_Extracted data entries_.
-- Opening Marker --
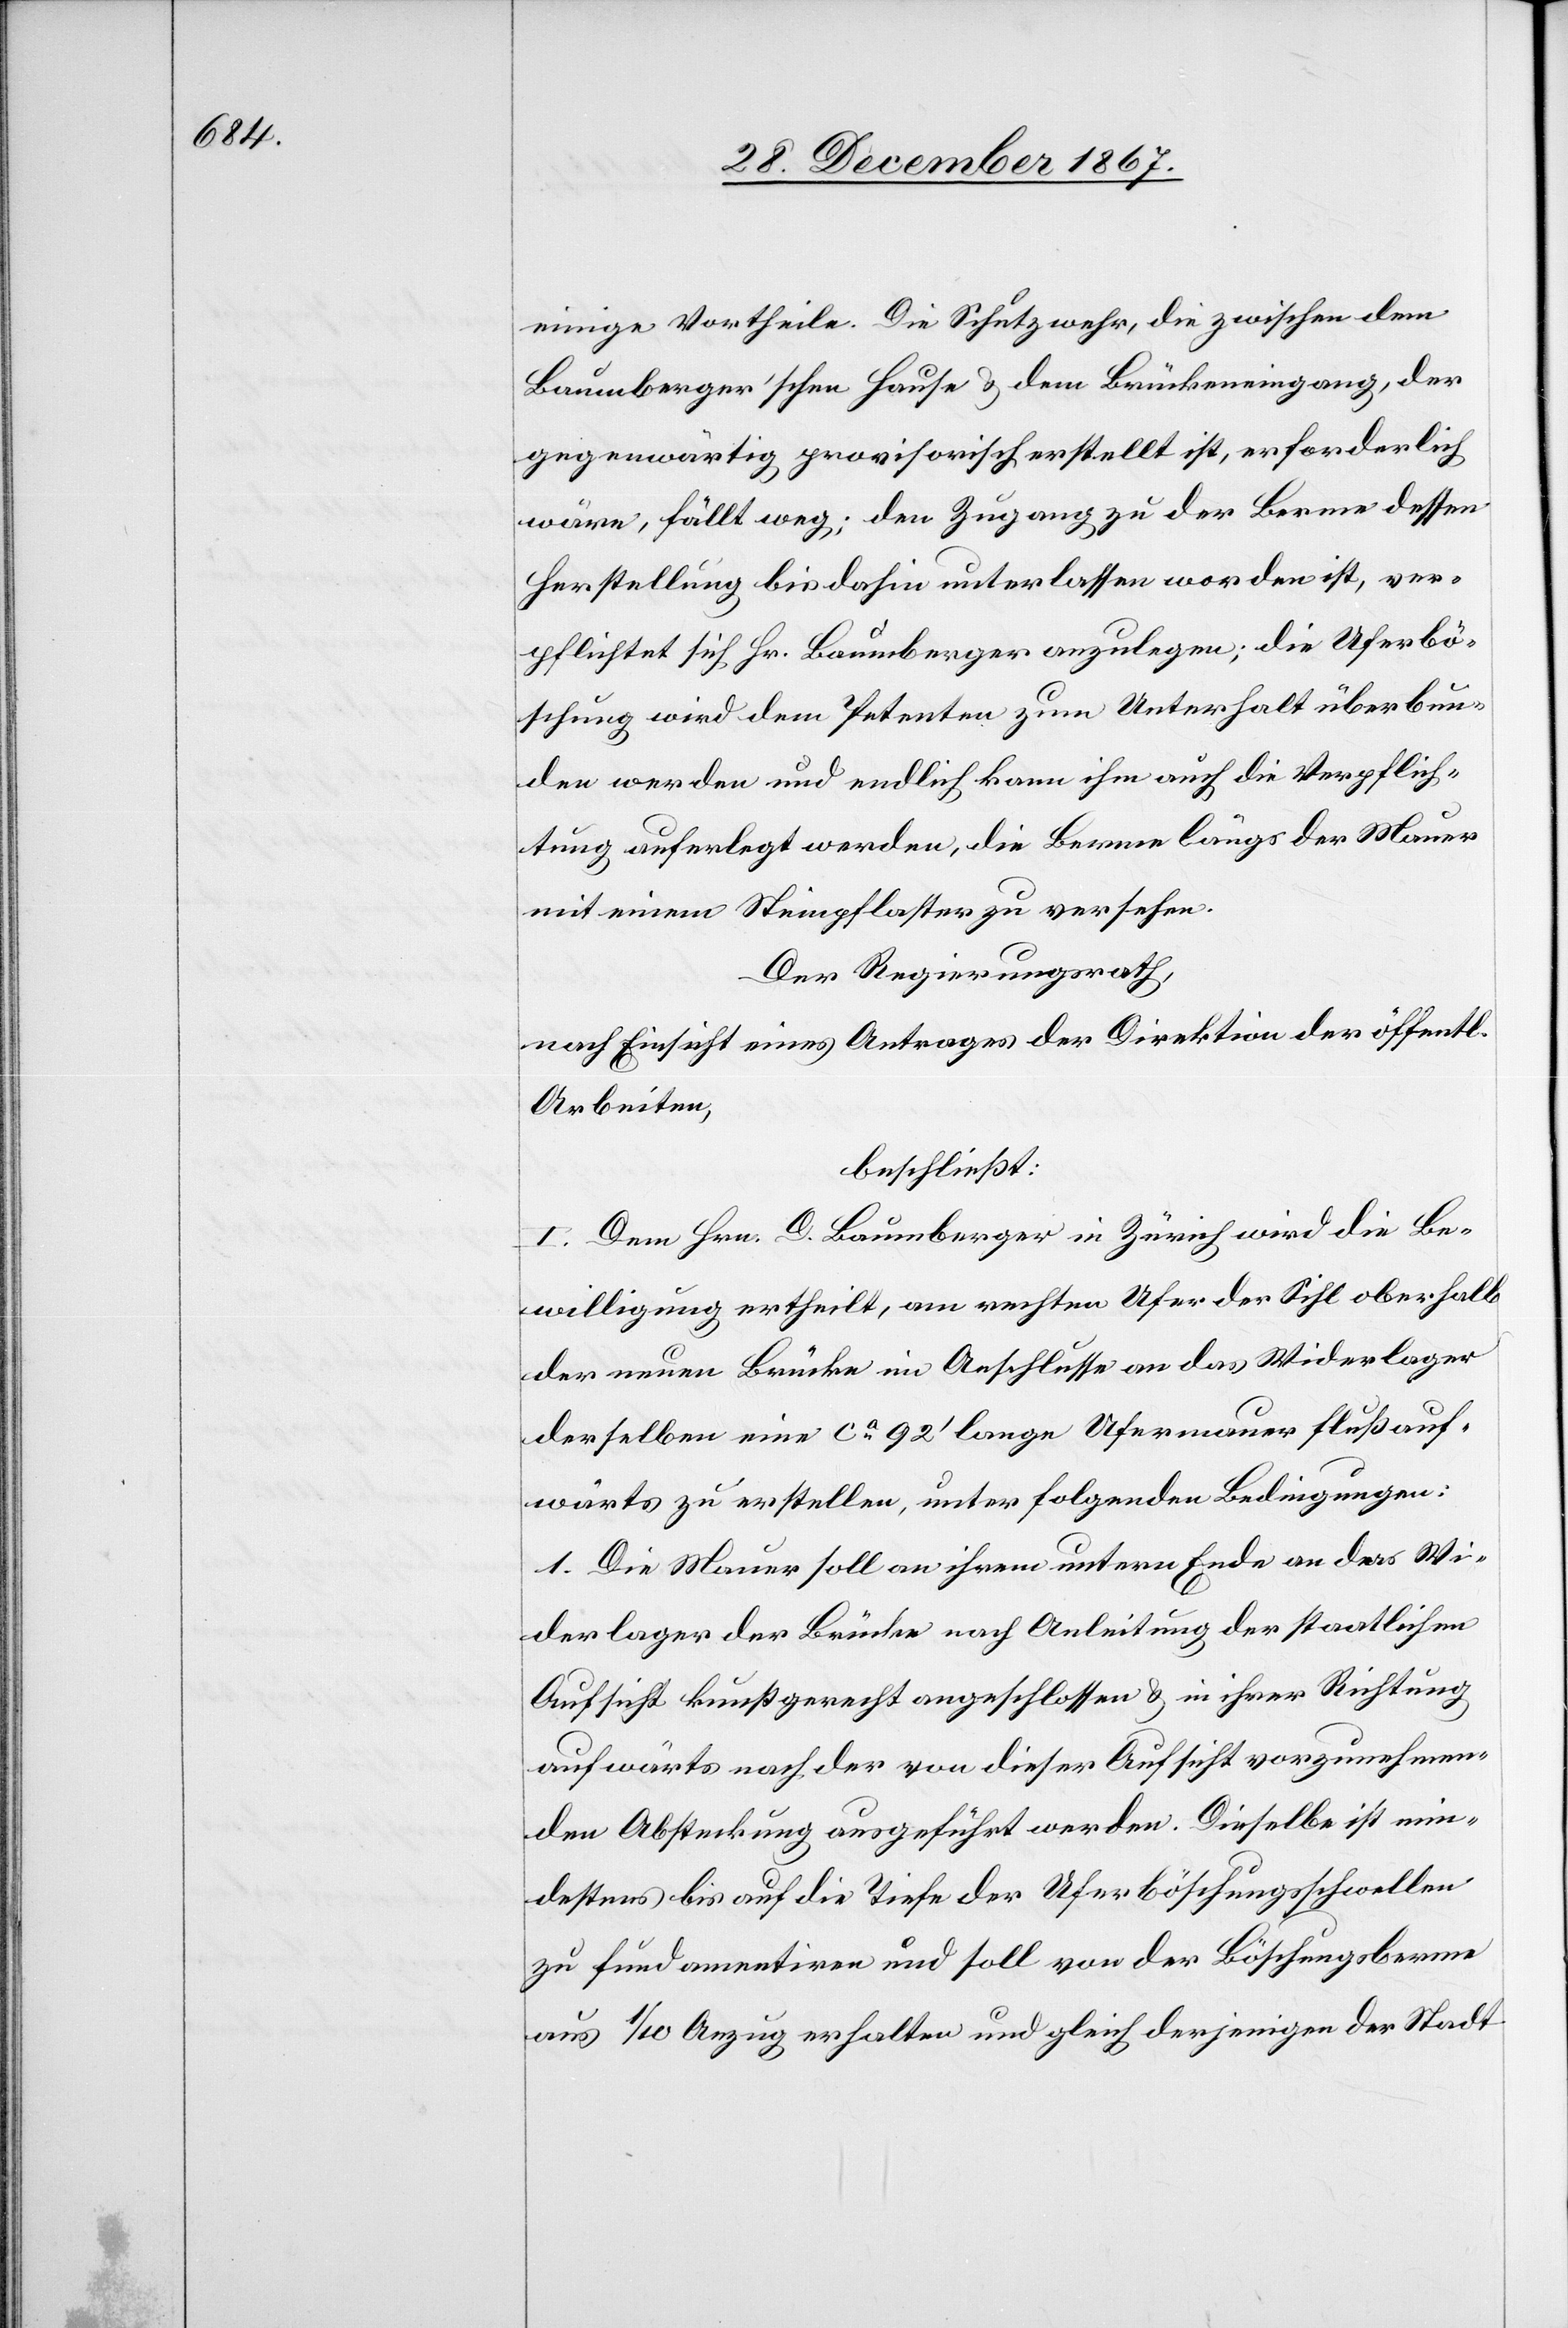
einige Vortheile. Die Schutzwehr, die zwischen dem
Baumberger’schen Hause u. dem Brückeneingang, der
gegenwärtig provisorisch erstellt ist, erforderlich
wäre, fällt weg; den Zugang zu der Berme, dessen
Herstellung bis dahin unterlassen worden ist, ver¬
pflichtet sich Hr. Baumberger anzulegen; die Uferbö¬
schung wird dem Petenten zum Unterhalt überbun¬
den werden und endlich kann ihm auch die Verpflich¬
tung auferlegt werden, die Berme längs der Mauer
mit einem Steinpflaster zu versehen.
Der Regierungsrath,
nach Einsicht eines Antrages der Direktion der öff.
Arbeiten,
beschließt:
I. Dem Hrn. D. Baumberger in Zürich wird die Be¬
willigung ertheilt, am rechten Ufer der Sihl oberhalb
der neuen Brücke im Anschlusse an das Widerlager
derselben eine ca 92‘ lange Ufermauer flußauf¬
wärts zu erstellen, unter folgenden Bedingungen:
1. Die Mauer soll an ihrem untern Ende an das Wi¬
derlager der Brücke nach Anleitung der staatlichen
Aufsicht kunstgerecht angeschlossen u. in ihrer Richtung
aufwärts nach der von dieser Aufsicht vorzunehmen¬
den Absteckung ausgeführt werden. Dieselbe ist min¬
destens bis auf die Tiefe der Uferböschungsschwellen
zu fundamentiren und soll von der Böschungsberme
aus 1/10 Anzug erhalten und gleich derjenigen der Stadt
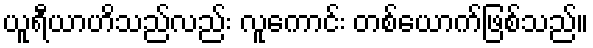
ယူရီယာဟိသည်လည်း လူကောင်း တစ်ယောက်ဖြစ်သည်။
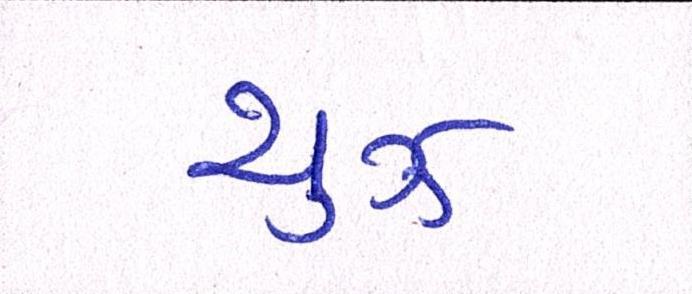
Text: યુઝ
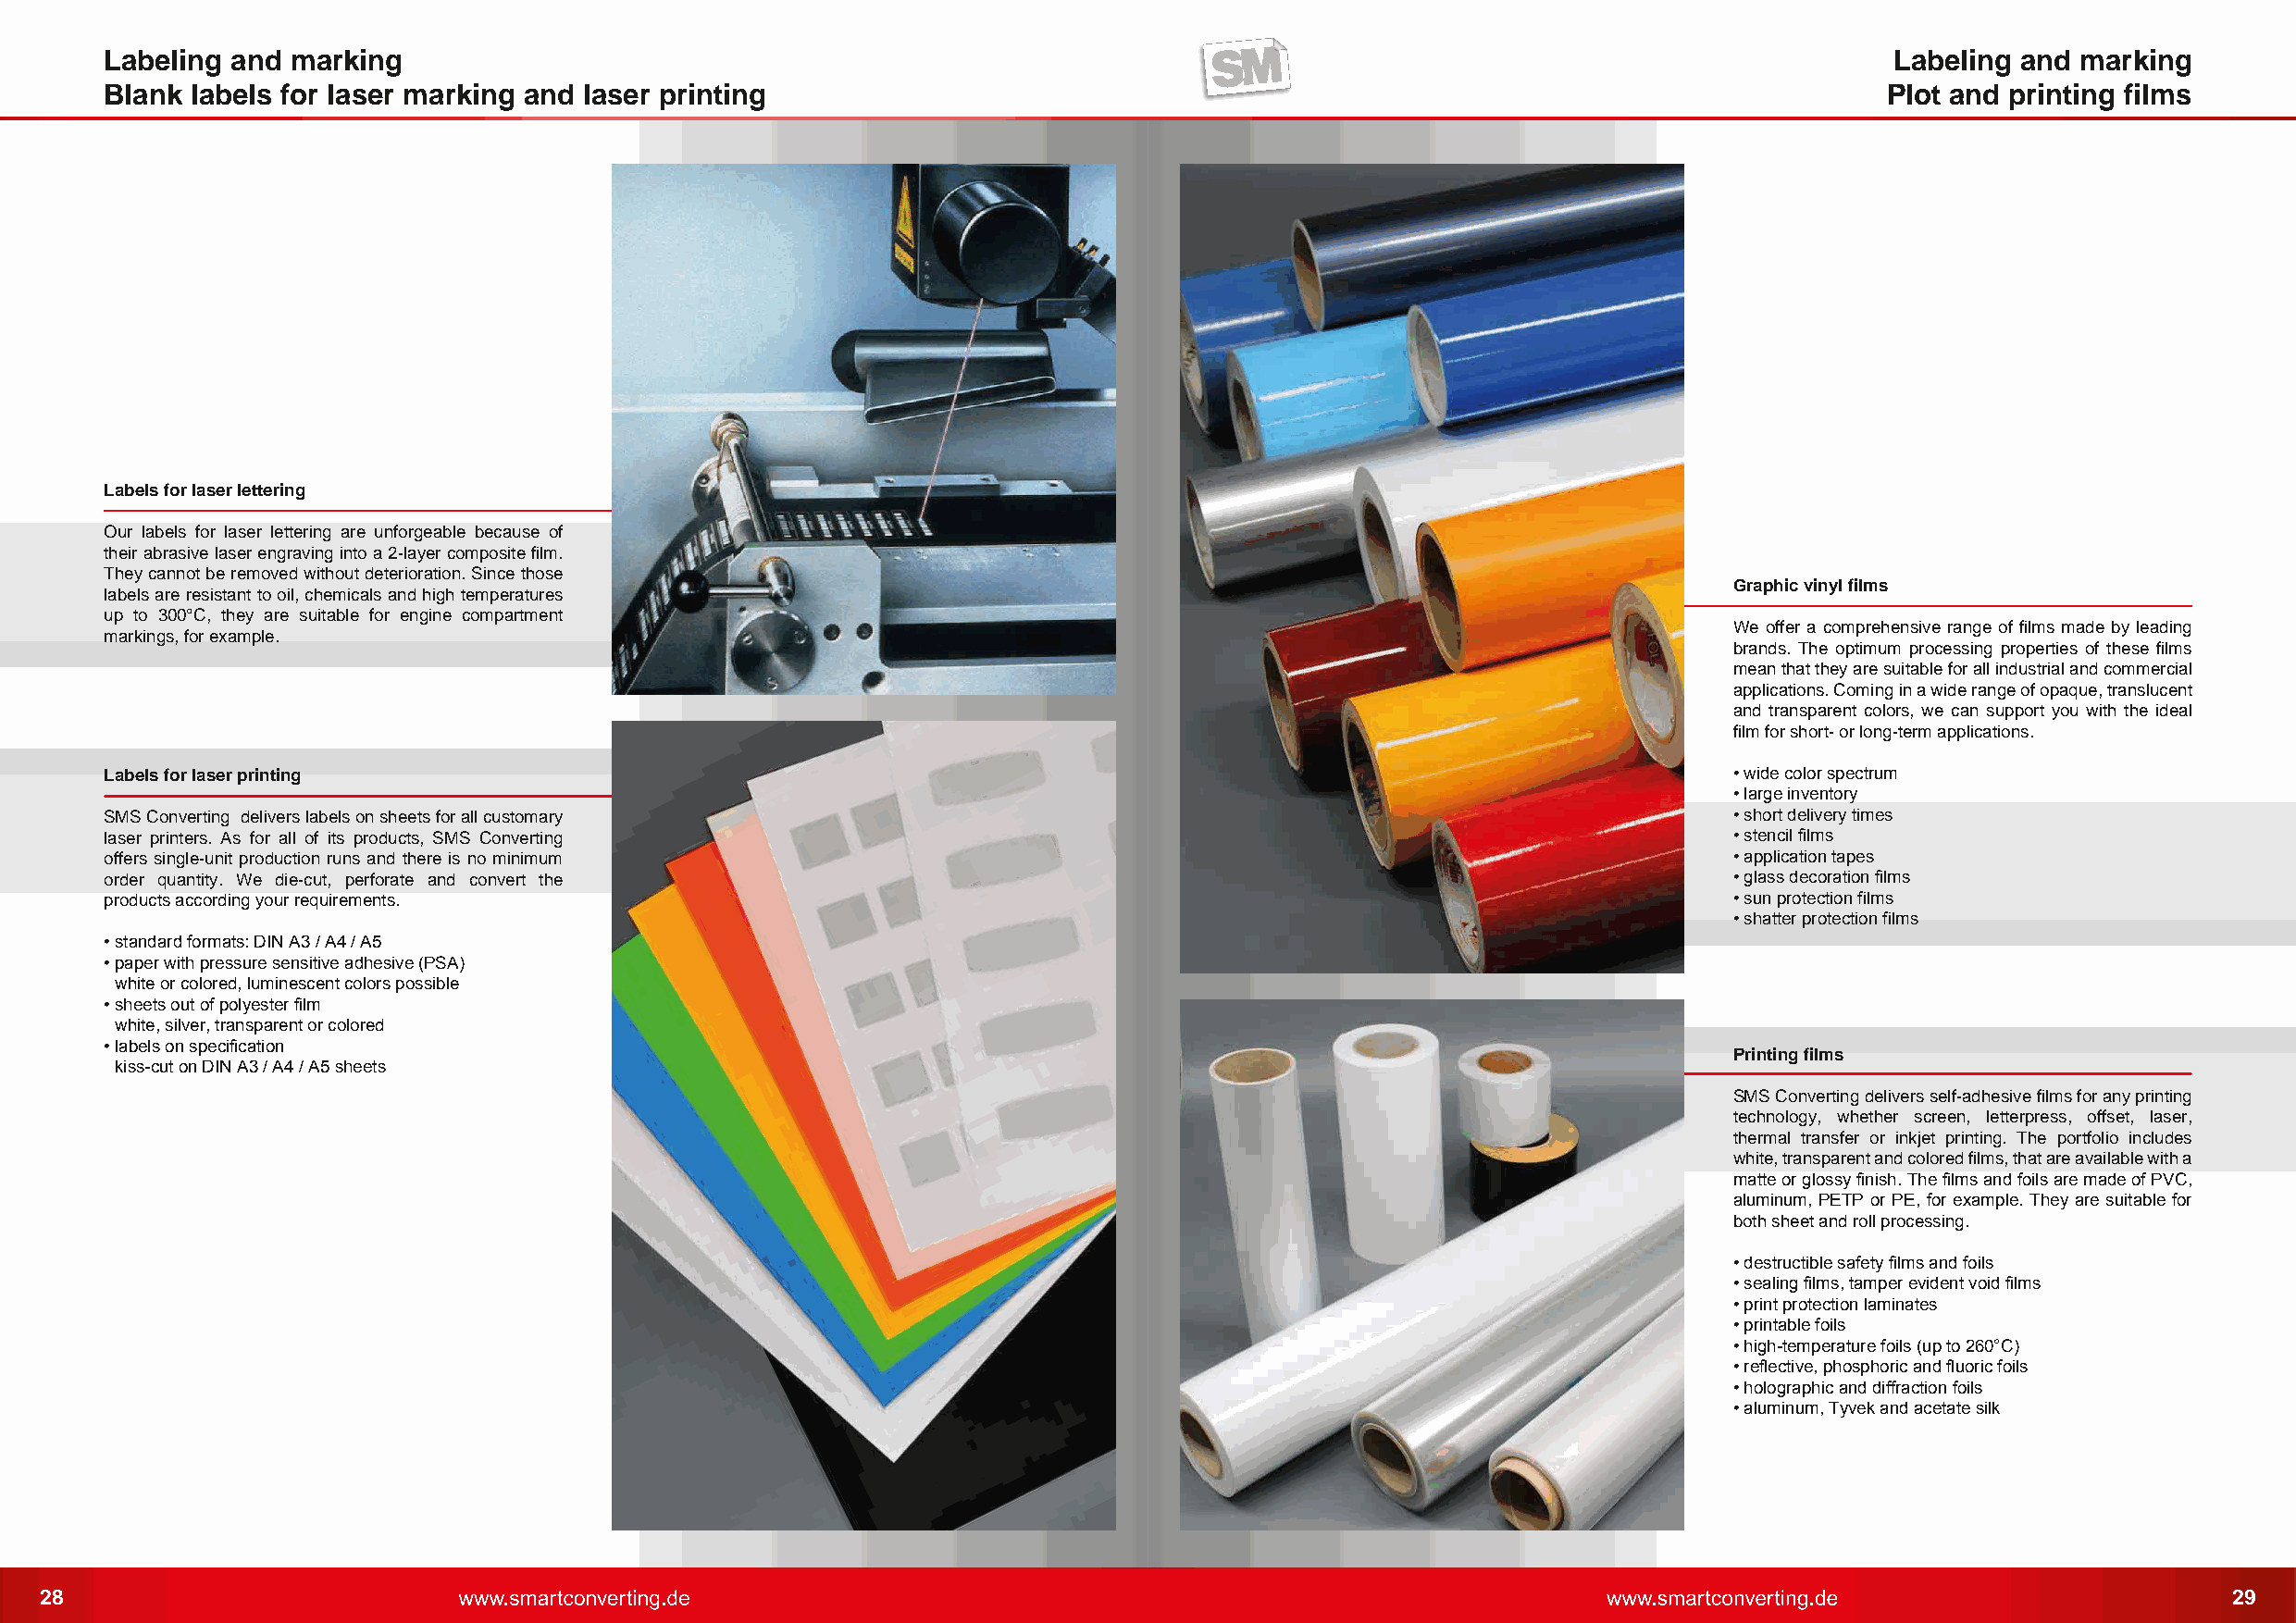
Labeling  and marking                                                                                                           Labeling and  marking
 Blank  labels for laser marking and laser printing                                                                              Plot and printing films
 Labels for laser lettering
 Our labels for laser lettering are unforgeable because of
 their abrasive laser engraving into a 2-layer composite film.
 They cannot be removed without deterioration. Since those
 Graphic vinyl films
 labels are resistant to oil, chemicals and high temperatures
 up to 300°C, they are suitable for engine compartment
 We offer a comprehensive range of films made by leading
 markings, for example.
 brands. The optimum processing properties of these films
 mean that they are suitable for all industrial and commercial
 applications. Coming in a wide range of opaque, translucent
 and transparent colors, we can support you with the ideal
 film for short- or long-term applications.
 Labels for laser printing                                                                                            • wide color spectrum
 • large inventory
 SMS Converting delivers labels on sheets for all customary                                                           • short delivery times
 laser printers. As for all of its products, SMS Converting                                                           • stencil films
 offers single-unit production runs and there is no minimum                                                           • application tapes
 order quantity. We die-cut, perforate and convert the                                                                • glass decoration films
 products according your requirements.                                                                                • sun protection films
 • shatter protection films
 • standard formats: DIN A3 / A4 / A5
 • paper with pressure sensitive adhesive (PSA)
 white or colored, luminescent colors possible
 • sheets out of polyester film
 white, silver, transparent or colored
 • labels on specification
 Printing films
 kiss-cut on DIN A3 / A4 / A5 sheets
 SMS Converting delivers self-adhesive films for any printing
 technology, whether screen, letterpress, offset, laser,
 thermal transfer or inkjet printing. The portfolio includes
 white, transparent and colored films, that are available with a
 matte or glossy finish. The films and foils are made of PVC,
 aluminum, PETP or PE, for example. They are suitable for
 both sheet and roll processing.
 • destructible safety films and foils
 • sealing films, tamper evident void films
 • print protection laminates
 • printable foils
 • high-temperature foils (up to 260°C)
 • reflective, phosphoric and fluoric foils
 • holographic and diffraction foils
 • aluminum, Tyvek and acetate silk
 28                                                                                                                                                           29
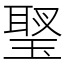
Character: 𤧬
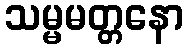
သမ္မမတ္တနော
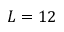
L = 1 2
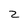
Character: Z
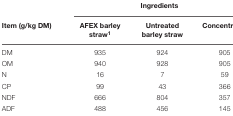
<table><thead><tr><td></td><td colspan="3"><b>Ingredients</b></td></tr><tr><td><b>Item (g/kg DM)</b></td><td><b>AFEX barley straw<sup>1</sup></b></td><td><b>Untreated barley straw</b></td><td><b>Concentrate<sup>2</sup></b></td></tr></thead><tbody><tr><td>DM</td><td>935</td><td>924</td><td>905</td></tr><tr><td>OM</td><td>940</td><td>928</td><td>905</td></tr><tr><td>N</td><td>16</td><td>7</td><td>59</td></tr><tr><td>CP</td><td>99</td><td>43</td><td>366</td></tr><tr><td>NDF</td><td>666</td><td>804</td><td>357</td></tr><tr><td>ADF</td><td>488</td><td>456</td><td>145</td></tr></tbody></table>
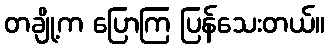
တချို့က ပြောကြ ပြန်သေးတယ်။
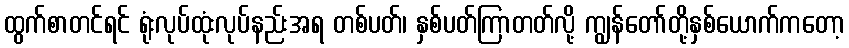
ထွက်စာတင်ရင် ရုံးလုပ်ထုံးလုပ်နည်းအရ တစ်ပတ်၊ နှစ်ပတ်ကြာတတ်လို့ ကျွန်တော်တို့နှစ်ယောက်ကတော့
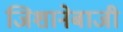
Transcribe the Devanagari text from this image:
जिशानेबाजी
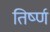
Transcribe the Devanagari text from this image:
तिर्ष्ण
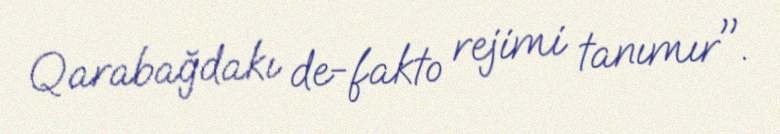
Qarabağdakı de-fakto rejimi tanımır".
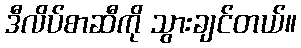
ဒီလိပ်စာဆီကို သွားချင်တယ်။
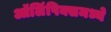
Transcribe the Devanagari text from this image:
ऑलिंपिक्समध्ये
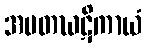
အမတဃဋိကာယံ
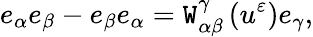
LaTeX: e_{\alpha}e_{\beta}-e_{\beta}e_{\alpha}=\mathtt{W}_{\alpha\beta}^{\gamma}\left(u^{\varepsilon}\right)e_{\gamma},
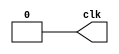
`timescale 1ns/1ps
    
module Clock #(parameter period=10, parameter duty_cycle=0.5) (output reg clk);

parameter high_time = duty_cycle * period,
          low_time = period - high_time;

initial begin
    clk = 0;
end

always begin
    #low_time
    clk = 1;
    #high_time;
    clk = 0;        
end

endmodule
-- Closing Marker --
As listed above, the lines from the line with "film for short- or long-term applications." to the line with "SMS Converting delivers labels" are to be echoed exactly, with both ends included and nothing added.

_Response to the task_.
 film for short- or long-term applications.
 Labels for laser printing                                                                                            • wide color spectrum
 • large inventory
 SMS Converting delivers labels on sheets for all customary                                                           • short delivery times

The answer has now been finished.